Interdisziplinäre Kooperation
Die von uns generierten Daten über das Mobilitätsverhalten der Menschen und die Akzeptanz autonomer Systeme bilden einen Input für die Arbeit der Ingenieure, die die technischen Komponenten von NeMo.bil entwickeln. Damit soziale und technische Innovationen zusammenfließen und in der Entwicklung zukunftsfähiger sozio-technischer Systeme münden, bedarf es jedoch einer gemeinsamen Sprache von Sozial- und Ingenieurwissenschaften bzw. zumindest einer geeigneten Form der Übersetzung des auf beiden Seiten bestehenden Wissen in die Wissensbestände des jeweils anderen Partners.

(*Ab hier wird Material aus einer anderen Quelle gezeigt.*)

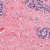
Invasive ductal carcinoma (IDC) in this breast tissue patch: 0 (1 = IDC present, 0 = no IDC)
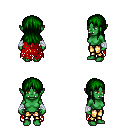
a pixel art fantasy rpg character, female body template, orc, green skin, red tattered cape, gold greaves, green unkempt hairstyle, white cloth bandages, four views (front, back, left, right), 2x2 character sprite sheet, small pixel art, hard edges, no anti-aliasing
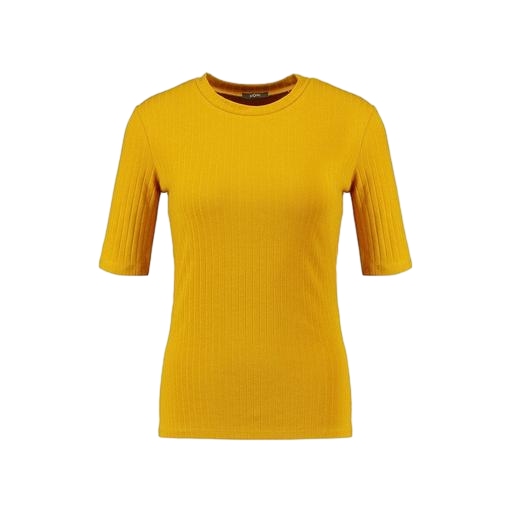
short-sleeve top only macy, yellow jersey tee, high-neck ribbed-jersey t-shirt, white background
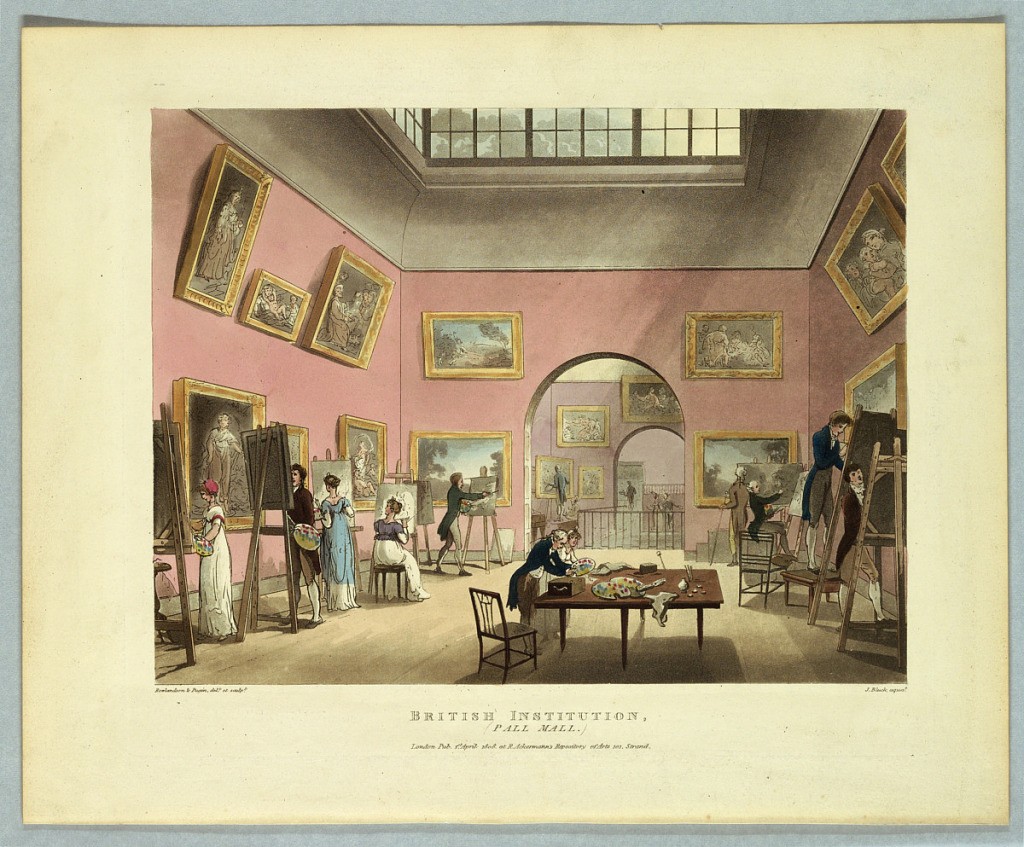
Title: British Institution, Pall Mall, from "Ackermann's Repository"
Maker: Thomas Rowlandson, British, 1756–1827
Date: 1808
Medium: Aquatint, brush and watercolors on paper
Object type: Print
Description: Room hung with paintings; two other rooms beyond. In center, a table with paint and palettes; men and women at easels, working. Title, artists', and publisher's names below.
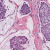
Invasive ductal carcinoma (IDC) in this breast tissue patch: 1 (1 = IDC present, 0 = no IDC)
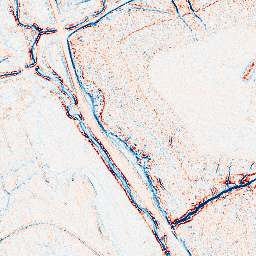
Category: edge_preserving
Decomposition family: anisotropic_diffusion
Decomposition parameters: iterations: 10
kappa: 30
gamma: 0.05
Upsampling method: cubic_catmull_rom
Upsampling parameters: scale: 2
Upsampling scale: 2
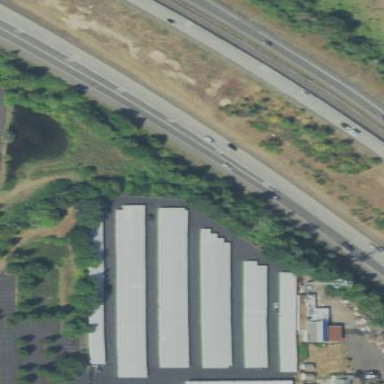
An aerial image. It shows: Commercial area with storage rental shop.
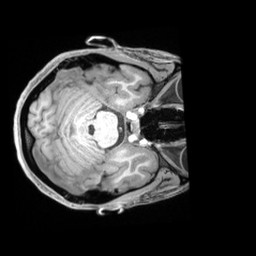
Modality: T1w
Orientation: axial
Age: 25
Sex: female
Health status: ill
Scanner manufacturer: siemens
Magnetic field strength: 3 T
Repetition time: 2.2 s
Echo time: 0.00218 s
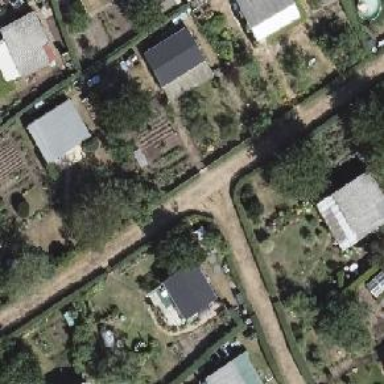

In etlichen Projekten, die sich mit der nachhaltigen Transformation des Energie- bzw. des Verkehrssystems befasst haben, hat es sich als hilfreich erwiesen, gemeinsam Modelle des zu untersuchenden Gegenstands zu entwickeln und in dieses eigene Daten einzuspeisen bzw. die Daten zu nutzen, die von anderen Projektpartnern eingespeist wurden. Auf diese Weise werden die Komplexität sozio-technischer Systeme, vor allem aber die Wechselwirkung sozialer und technischer Komponenten besser greifbar. Und das Verständnis der Herausforderungen und Hürden, aber auch der Chancen sozio-technischer Transformationen wächst auf beiden Seiten.
Einzige Voraussetzung: Auch die Sozialwissenschaften müssen in der Lage (und bereit) sein, in Modellen zu denken und soziale Systeme modellhaft abzubilden, um anschlussfähig für ihre Partner zu sein.
Literatur
Weyer, Johannes/Fabian Adelt/Marlon Philipp, 2025: Agentenbasierte Modellierung und Simulation komplexer Systeme. Der Simulator SimCo als Tool zur Analyse der Mobilität im Ruhrgebiet. In: Johannes Weyer (Hg.), Nachhaltig mobil. Wie das Ruhrgebiet die Verkehrswende schaffen kann. Wiesbaden: Springer, 305-329, https://doi.org/10.1007/978-3-658-45236-0_11.
Weyer, Johannes/Sebastian Hoffmann, 2025: Bridging the Attitude-Behavior Gap. An explanation of travel mode choice using analytical sociology. In: PLOS One (accepted).